### [Exercise aim]
Only an exact copy of the entries, stripped of pictures, will serve as the answer.

### [Exercise data]
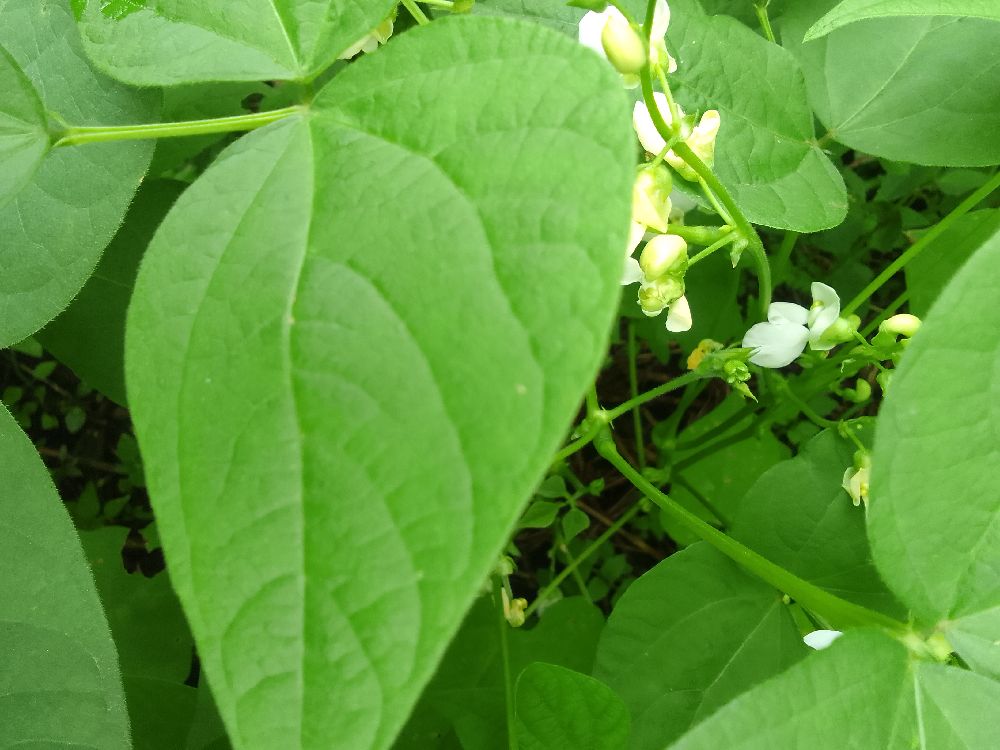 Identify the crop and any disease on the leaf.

common bean, healthy
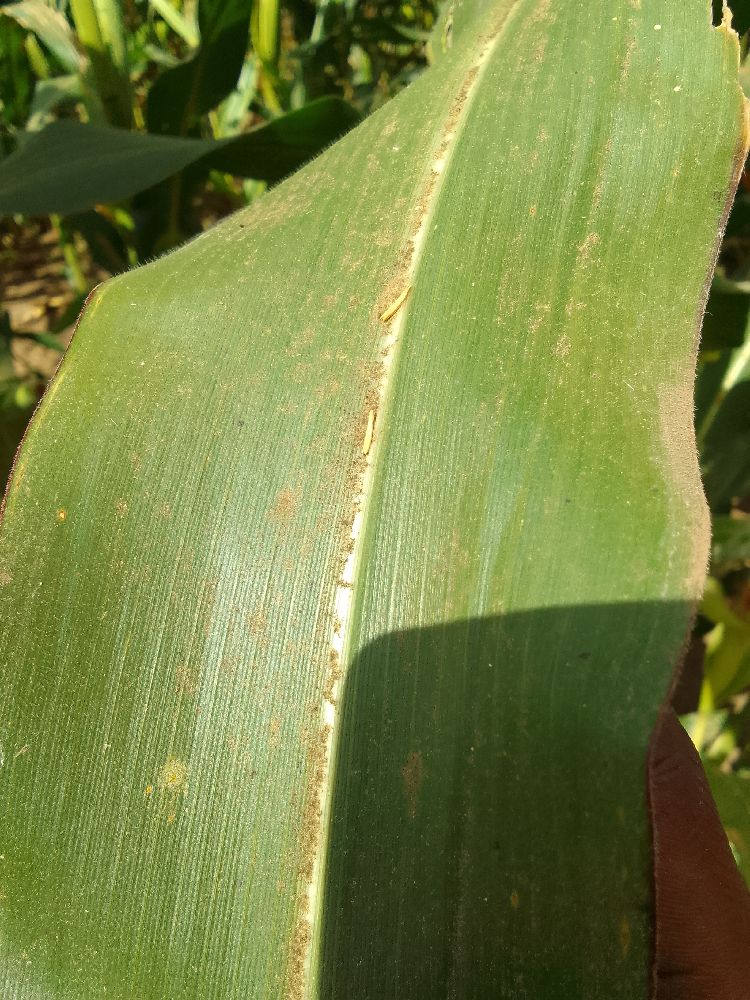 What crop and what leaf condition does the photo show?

maize, healthy
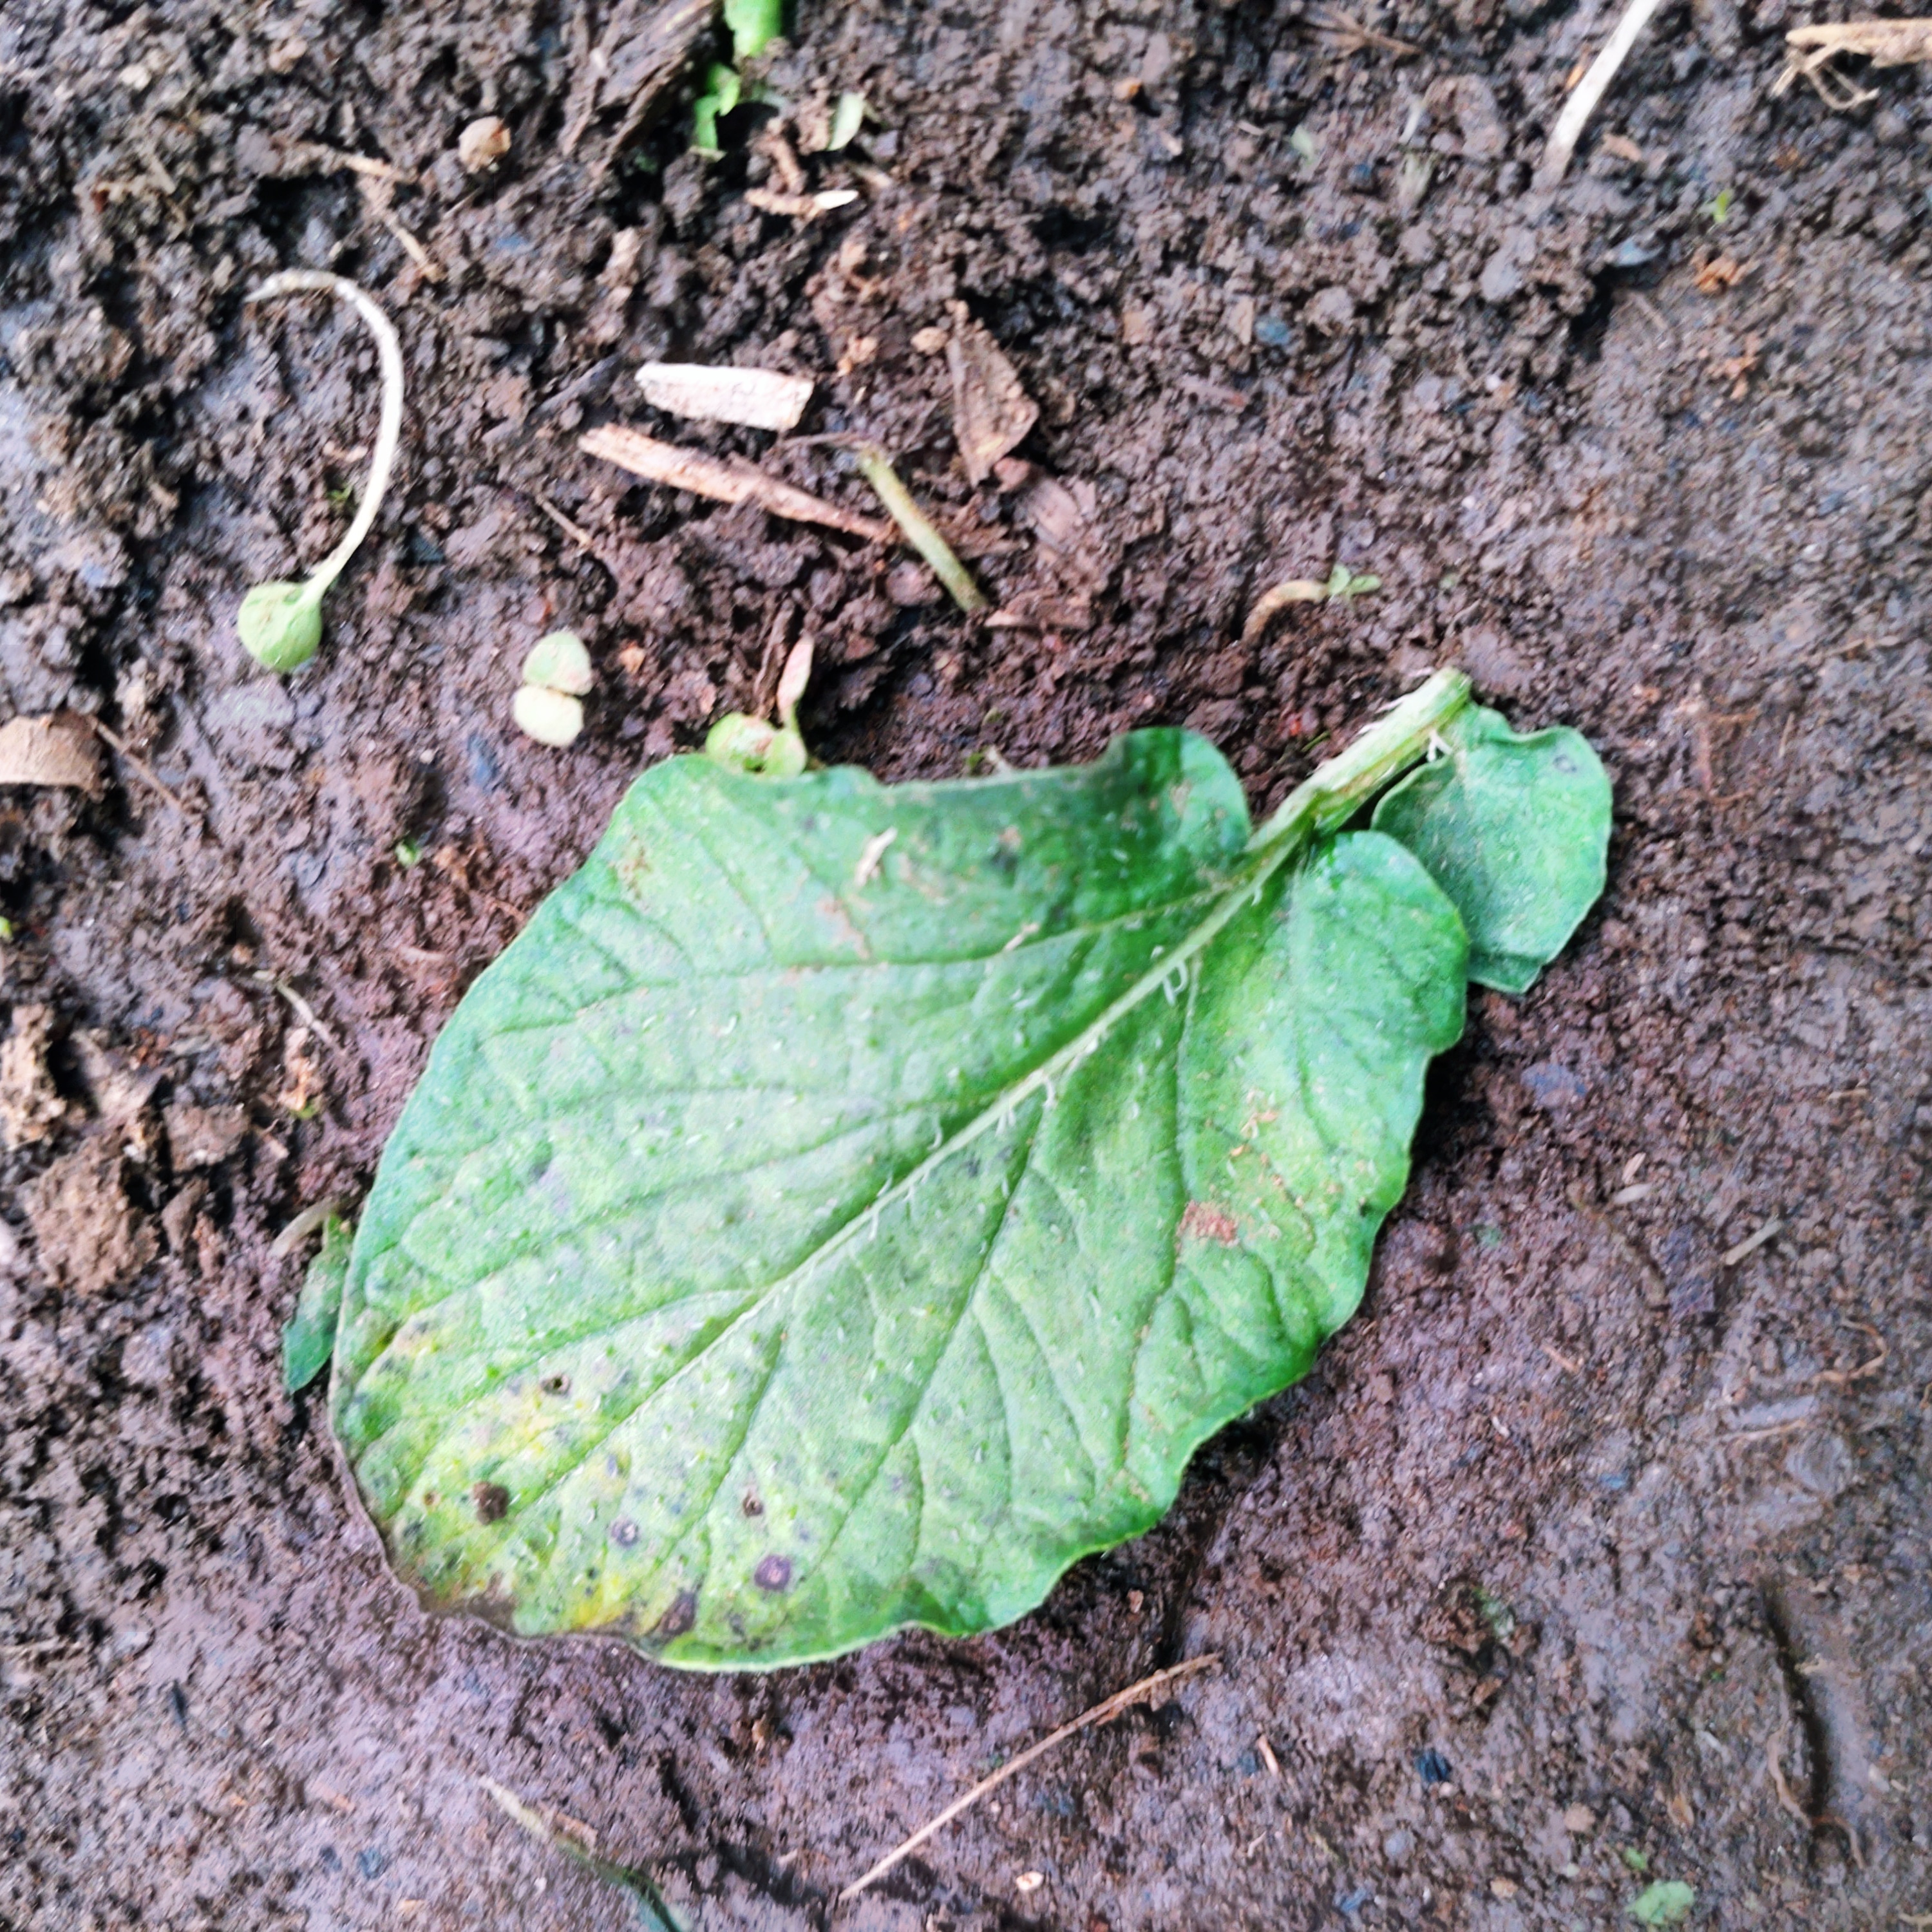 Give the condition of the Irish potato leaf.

late blight
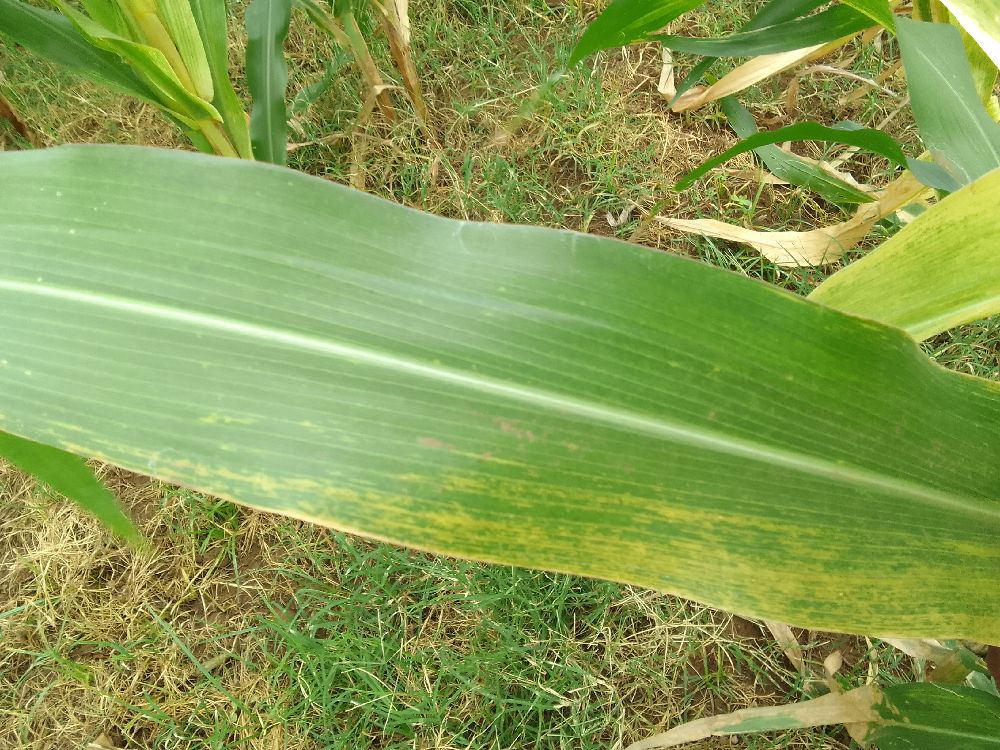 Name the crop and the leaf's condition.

maize, maize lethal necrosis
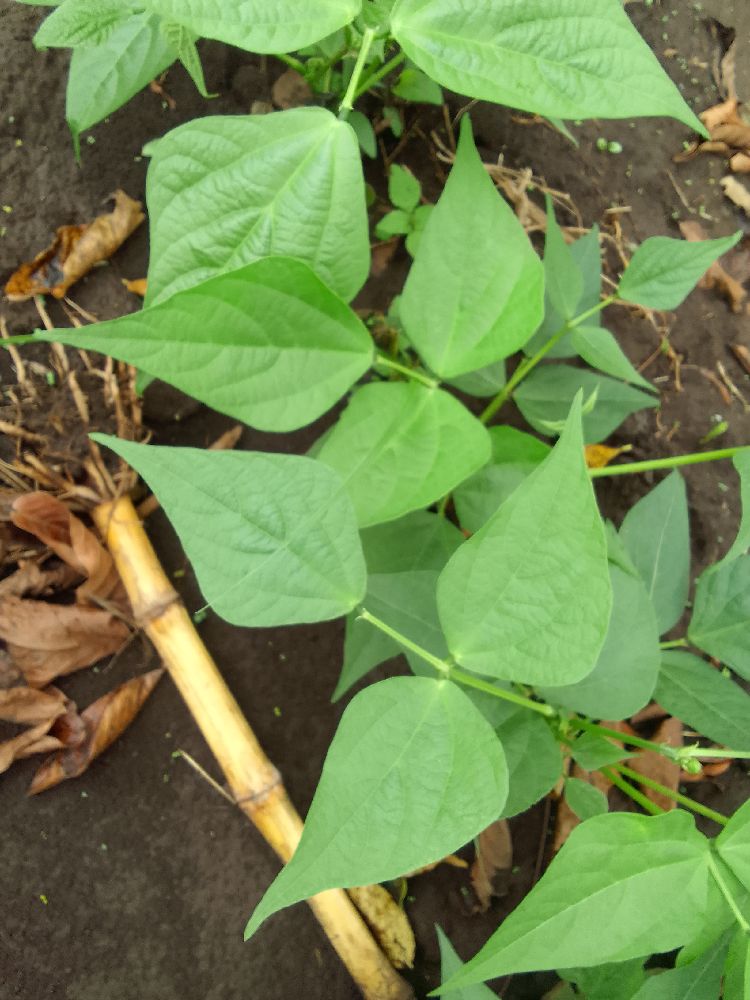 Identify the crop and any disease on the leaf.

common bean, healthy
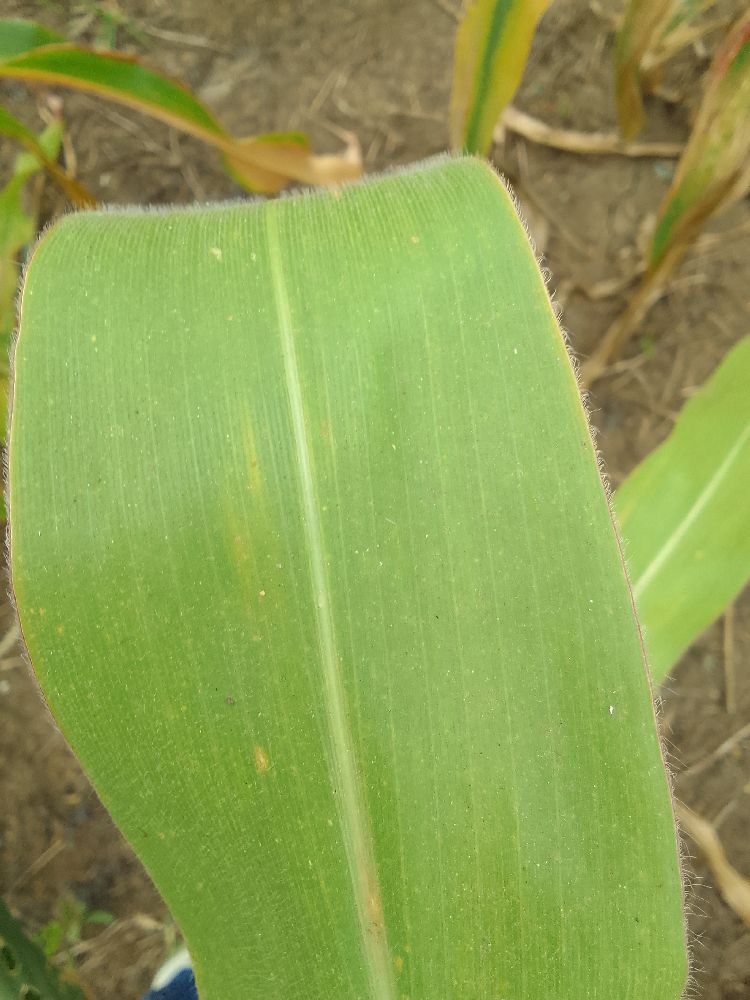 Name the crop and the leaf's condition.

maize, healthy

### [Completed exercise]
 Identify the crop and any disease on the leaf.

common bean, healthy
 What crop and what leaf condition does the photo show?

maize, healthy
 Give the condition of the Irish potato leaf.

late blight
 Name the crop and the leaf's condition.

maize, maize lethal necrosis
 Identify the crop and any disease on the leaf.

common bean, healthy
 Name the crop and the leaf's condition.

maize, healthy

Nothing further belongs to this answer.